Dijkstra’s Algorithm: Single Source Shortest Path Visually Explained

Visualizing Dijkstra’s Single Source Shortest Path

Dijkstra’s Algorithm can be applied to either a directed or an undirected graph to find the shortest path to each vertex from a single source. It can only be used with non-negative edge weights.

A table is generated to track the distance from the source (S) vertex. The distance to each vertex is initialized to infinity except for the source itself. Another variable, π, is used to track the previous vertex from which the specified vertex was reached.

Dijkstra’s algorithm starts with the source, S, and relaxes the edges that are connected directly to it in alphabetical order. The first edge to be relaxed is S to A. The value for A is updated from infinity to 5 and the predecessor is updated to S. The edge S-A is also marked as complete.

Next, the edge S-I is relaxed. The distance to I is updated to 15 and the predecessor is marked as S. The edge S-I is marked as visited. All of the outbound edges from S have been visited, so S is marked as completed.

Dijkstra’s algorithm moves from vertex S to vertex A. Vertex A is the chosen since it’s the closest, visited vertex to the source. The same process is repeated: all of the immediate, outbound vertices are visited from vertex A. Those vertices are C and E. Vertex C is visited first since it comes first alphabetically. The distance to C is updated to 8 since vertex A can be reached in 5 units and vertex C can be reached in another 3 units. The predecessor is set to A and the edge A-C is marked as visited.

Vertex E is visited next. The distance to vertex E is updated to 7 (S-A-5 + A-E-2) and the predecessor of E is updated to A. Since all of the outbound edges from A have been visited, vertex A is marked as complete.

Dijkstra’s algorithm chooses the next closest vertex. Vertex I is currently 15 units away from the source, vertex E is 7 units away and vertex C is 8 units away. Vertex E is the closest, so it’s chosen next. Since there are no outbound edges from vertex E, it is marked as complete.
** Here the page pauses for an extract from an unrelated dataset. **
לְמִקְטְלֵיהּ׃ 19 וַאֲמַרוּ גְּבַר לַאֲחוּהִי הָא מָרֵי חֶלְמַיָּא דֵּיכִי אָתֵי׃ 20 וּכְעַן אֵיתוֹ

Since vertex C is 8 units away and vertex I is 15 units away, vertex C is chosen next. Vertex C has 3 outbound edges: C-B, C-D, and C-H. Vertex B is visited first since it’s alphabetically the next one on the list. The distance to B is updated to 15 (S-A-C-8 + C-B-7) and the predecessor is set as C. The edge C-B is marked as visited.
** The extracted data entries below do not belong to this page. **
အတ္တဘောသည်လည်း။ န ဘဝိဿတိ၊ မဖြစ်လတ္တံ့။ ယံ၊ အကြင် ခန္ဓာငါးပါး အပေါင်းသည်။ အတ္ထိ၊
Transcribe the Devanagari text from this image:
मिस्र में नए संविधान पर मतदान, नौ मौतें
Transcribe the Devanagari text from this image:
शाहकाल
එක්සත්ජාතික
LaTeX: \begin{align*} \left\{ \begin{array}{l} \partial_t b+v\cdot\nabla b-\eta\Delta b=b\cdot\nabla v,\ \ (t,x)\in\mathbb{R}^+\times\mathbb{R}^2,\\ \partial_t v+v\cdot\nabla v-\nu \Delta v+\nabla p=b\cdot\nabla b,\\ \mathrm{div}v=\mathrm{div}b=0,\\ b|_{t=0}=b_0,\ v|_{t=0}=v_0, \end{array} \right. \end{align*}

Dijkstra’s algorithm visits vertex D next. The distance to vertex D is updated to 14 (S-A-C-8 + C-D-6) and the predecessor of D is set as C. The edge C-D is marked as visited.

The last outbound edge from C, edge C-H, is visited. The distance to vertex H is updated to 11 (S-A-C-8 + C-H-3) and the predecessor to H is updated to C. Since all the outbound edges have been visited from C, vertex C is marked as complete.

Dijkstra’s algorithm chooses the next vertex. Vertex I is 15 units away from the source, vertex B is 15 units away, vertex D is 14 units away, and vertex H is 11 units away. Since vertex H is the closest vertex to the source, it is chosen next. Vertex H has two outbound edges: H-C and H-D. Vertex C is visited first. Vertex C can already be reached in 8 units so there is no point to reach it in 20 units. The distance to vertex C stays the same and the edge H-C is marked as visited.

Vertex D is visited next via edge H-D. Since the distance to vertex D via edge H-D (12 units) is shorter than the distance to vertex D via edge C-D (14), the distance to vertex D is updated to 12; the predecessor to vertex D is updated to H. The edge H-D is marked as complete; since all the outbound edges from H have been visited, H is marked as complete.

Dijkstra’s algorithm chooses the next closest edge by examining all the available, non-visited vertices. Vertex I can be reached in 15 units, D can be reached in 12 units and B can be reached in 15 units. Since D is the closest vertex to the source, vertex D is chosen. Vertex D has one outbound edge, D-I. The distance to vertex I from D is 14. Since vertex I can be reached in 14 units via edge D-I, the distance to vertex I is updated to 14 and the predecessor is set to D. Edge D-I is marked as visited. All of the outbound edges from vertex D have been visited and vertex D is marked as complete.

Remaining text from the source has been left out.